Version 10 (modified by cameron, 5 years ago) (diff) |
---|

# The ShuffleVector Project

This project investigates code generation for the LLVM shufflevector operation, particularly in the case that the shuffle mask is a compile-time constant.

For example, the shuffle mask pattern for a shuffle vector could be just a byte swap, for example.

%v3 = shufflevector <8 x i8> %v1, <8 x i8> undef, <8 x i32> <i32 6, i32 7, i32 4, i32 5, i32 2, i32 3, i32 0, i32 1> ; yields <8 x i8>

Transforming this to `%t0 = bitcast %v1 to i64 @llvm.bswap.i64(i64 %t0) `
may allow efficient implementation
on an architecture supporting byte swap, but not shuffle.

Generalizing this pattern, we may have arbitrary rotations expressed using shuffle masks. For example, consider the shufflevector of 4-bit fields:

%v3 = shufflevector <8 x i4> %v1, <8 x i4> undef, <8 x i32> <i32 1, i32 2, i32 3, i32 0, i32 5, i32 6, i32 7, i32 4> ; yields <8 x i8>

Shuffles on 4-bit fields are generally not supported by SIMD instruction sets, but this one can be implemented by transforming to 16-bit vector shift operations.

%t0 = bitcast %v1 to <2 x i16> %t1 = shl %t0, <2 x i16> <i16 12, i16 12> %t2 = lshr %t0, <2 x i16> <i16 4, i16 4> %v3 = xor %t1, %t2

Can these examples be turned into general rules that systematically capture these special cases?

The Shuffle Pattern Library attempts to do this.
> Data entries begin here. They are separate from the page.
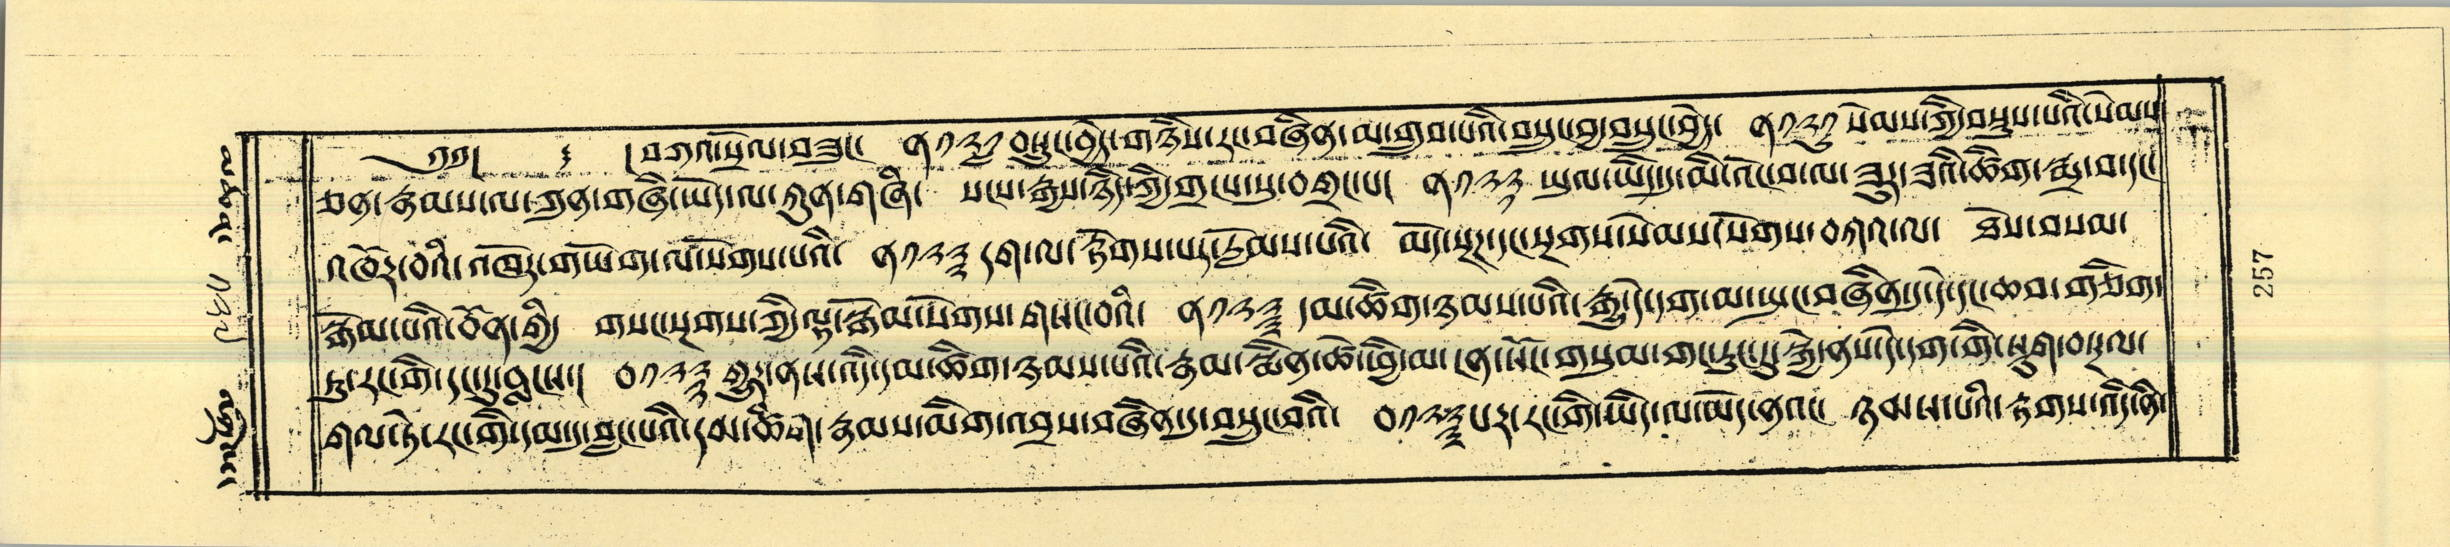བཀའ་སྲོལ་བཟུང། ན༡༢༡།༤ ༼བསྲུང་བྱེད་༽གཉིས་རང་བཞིན་མ་གྲུབ་པའི་བསྲུང་བྱ་བསྲུང་བྱེད། ན༡༢༡།༦ སེམས་ཀྱི་བསྡུས་པའི་སེམས་
ཅན་རྣམས་ལ་ཀུན་གཞི་ཡོད་ལ་ ༼ཀུན་གཞི་༽སངས་རྒྱས་ཉིད་ཀྱི་གྲངས་སུ་ ༼བགྲང་པ།༽ན༡༢༢།༡ ཡུལ་ཡིད་དུ་མི་འོང་བ་ལ་ ༼ཟུར་༽ཟའི་ཚིག་སྨྲ་བ་དང་ 
འཁོར་བའི་༽འཁོར་གཡོག་ལ་སོགས་པའི་ན༡༢༢།༢ ༼དག་ལ་༽རྟོགས་པར་རློམས་པའི། མདོ་སྔགས་དང་སྔགས་སེམས་སོགས་ ༼བཀའ་ལ་༽ཐོས་བསམ་
སྒོམ་པའི་ ༼བོན་གྱི་༽གསང་སྔགས་ཀྱི་ལྟ་སྒོམ་སོགས་ ༼གསང་བའི་༽ན༡༢༢།༣ དམ་ཚིག་ཉམས་པའི་རྒྱུ་དེ་དག་མ་སྤང་བཞིན་དུ་དེ་དང་ཆབ་གཅིག་
ཏུ་རང་གི་ ༼དང་དུ་བླངས་༽བ༡༢༢།༢ ༼གྱུར་ནས་༽འདི་དམ་ཚིག་ཉམས་པའི་རྣམ་སྨིན་ཚེ་ཕྱི་མ་ ༼ངན་སོང་༽གསུམ་གང་རུང་དུ་སྐྱེ་ནས་དེ་དག་གི་ ༼སྡུག་བསྔལ་
གལ་ཏེ་༽རང་གི་དམ་དུ་བླང་བའི་ ༼དམ་ཚིག་༽རྣམས་མིག་འབྲས་བཞིན་དུ་བསྲུང་བའི། བ༡༢༢།༣ ༼པར་༽རང་གི་ཡིད་ལ་ཡོད་ནའང། ༼ཉམས་པའི་༽རྟགས་འདི་ནི་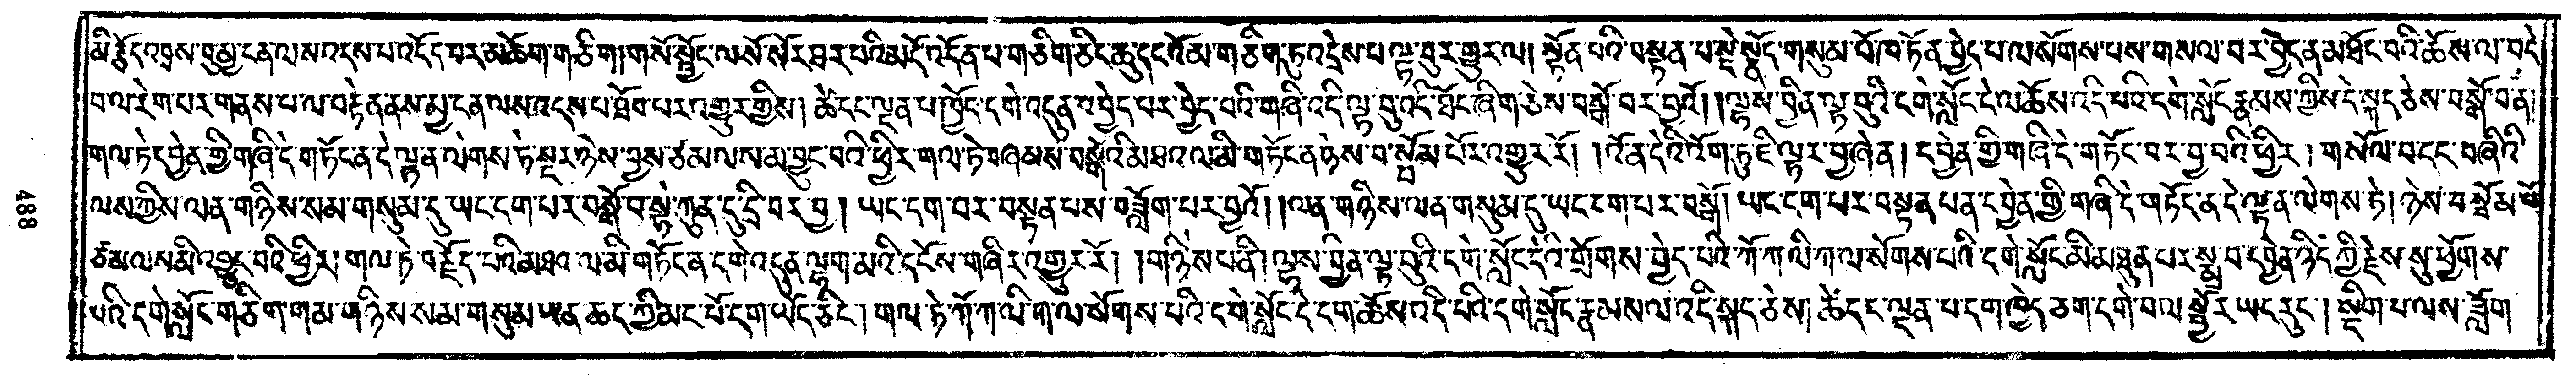མི་རྩོད་འབྲས་བུ་མྱ་ངན་ལས་འདས་པ་འདོད་པར་མཆོག་གཅིག། གསོ་སྦྱོང་ལ་སོ་སོར་ཐར་པའི་མདོ་འདོན་པ་གཅིག་ཅིང་ཆུ་དང་འོམ་གཅིག་ཏུ་འདྲེས་པ་ལྟ་བུར་གྱུར་ལ། སྟོན་པའི་བསྟན་པ་སྡེ་སྣོད་གསུམ་པོ་ཁ་ཏོན་བྱེད་པ་ལ་སོགས་པས་གསལ་བར་བྱེད་ན་མཐོང་བའི་ཆོས་ལ་བདེ་
བ་ལ་རེག་པར་གནས་པ་ལ་བརྟེན་ནས་མྱ་ངན་ལས་འདས་པ་ཐོབ་པར་འགྱུར་གྱིས། ཚེ་དང་ལྡན་པ་ཁྱོད་དགེ་འདུན་འབྱེད་པར་བྱེད་པའི་གཞི་འདི་ལྟ་བུ་འདི་ཐོང་ཞིག་ཅེས་བསྒོ་བར་བྱའོ། །ལྷས་བྱིན་ལྟ་བུའི་དགེ་སློང་དེ་ལ་ཆོས་འདི་པའི་དགེ་སློང་རྣམས་ཀྱིས་དེ་སྐད་ཅེས་བསྒོ་བ་ན།
གལ་ཏེ་དབྱེན་གྱི་གཞི་དེ་གཏོང་ན་དེ་ལྟ་ན་ལེགས་ཏེ་སྔར་ཉེས་བྱས་ཙམ་ལས་མ་བྱུང་བའི་ཕྱིར་གལ་ཏེ་བཞམས་བསྒོའི་མཐའ་ལ་མི་གཏོང་ན་ཉེས་པ་སྦོམ་པོར་འགྱུར་རོ། །འོ་ན་དེའི་འོག་ཏུ་ཇི་ལྟར་བྱ་ཞེ་ན། དབྱེན་གྱི་གཞི་དེ་གཏོང་བར་བྱ་བའི་ཕྱིར། གསོལ་བ་དང་བཞིའི་
ལས་ཀྱིས་ལན་གཉིས་སམ་གསུམ་དུ་ཡང་དག་པར་བསྒོ་བ་སྟེ་ཀུན་དུ་དྲི་བར་བྱ། ཡང་དག་པར་བསྟན་པས་བཟློག་པར་བྱའོ། །ལན་གཉིས་ལན་གསུམ་དུ་ཡང་དག་པར་བསྒོ། ཡང་དག་པར་བསྟན་པ་ན་དབྱེན་གྱི་གཞི་དེ་གཏོད་ན་དེ་ལྟན་ལེགས་ཏེ། ཉེས་བ་སྦོམ་བོ་
ཙམ་ལས་མི་འབྱུང་བའི་ཕྱིར། གལ་ཏེ་བརྗོད་པའི་མཐའ་ལ་མི་གཏོང་ན་དགེ་འདུན་ལྷག་མའི་དངོས་གཞིར་འགྱུར་རོ། །གཉིས་པ་ནི། ལྷས་བྱིན་ལྟ་བུའི་དགེ་སློང་དེའི་གྲོགས་བྱེད་པའི་ཀོ་ཀ་ལི་ཀ་ལ་སོགས་པའི་དགེ་སློང་མི་མཐུན་པར་སྨྲ་བ་དབྱེན་ཉིད་ཀྱི་རྗེས་སུ་ཕྱོགས་
པའི་དགེ་སློང་གཅིག་གམ་གཉིས་སམ་གསུམ་ཡན་ཆད་ཀྱི་མང་པོ་དག་ཡོད་ཅིང་། གལ་ཏེ་ཀོ་ཀ་ལི་ཀ་ལ་སོགས་པའི་དགེ་སློང་དེ་དག་ཆོས་འདི་བའི་དགེ་སློང་རྣམས་ལ་འདི་སྐད་ཅེས། ཚེ་དང་ལྡན་པ་དག་ཁྱེད་ཅག་དགེ་བལ་སྦྱོར་ཡང་རུང་། སྡིག་པ་ལས་ཟློག་

## Lai ShengZhang?'s GitHub

https://github.com/laishzh/LLVM_ShuffleVector_Optimizer

## Vectorized Sequential Code

If there is no known fully parallel implementation of a particular case, it may still be possible to partially parallelize by making a vectorized sequential loop.

## Shuffling Bit-By-Bit

There are many interesting possibilities with shuffle masks that perform bit-by-bit selection. See the BitShuffle subproject.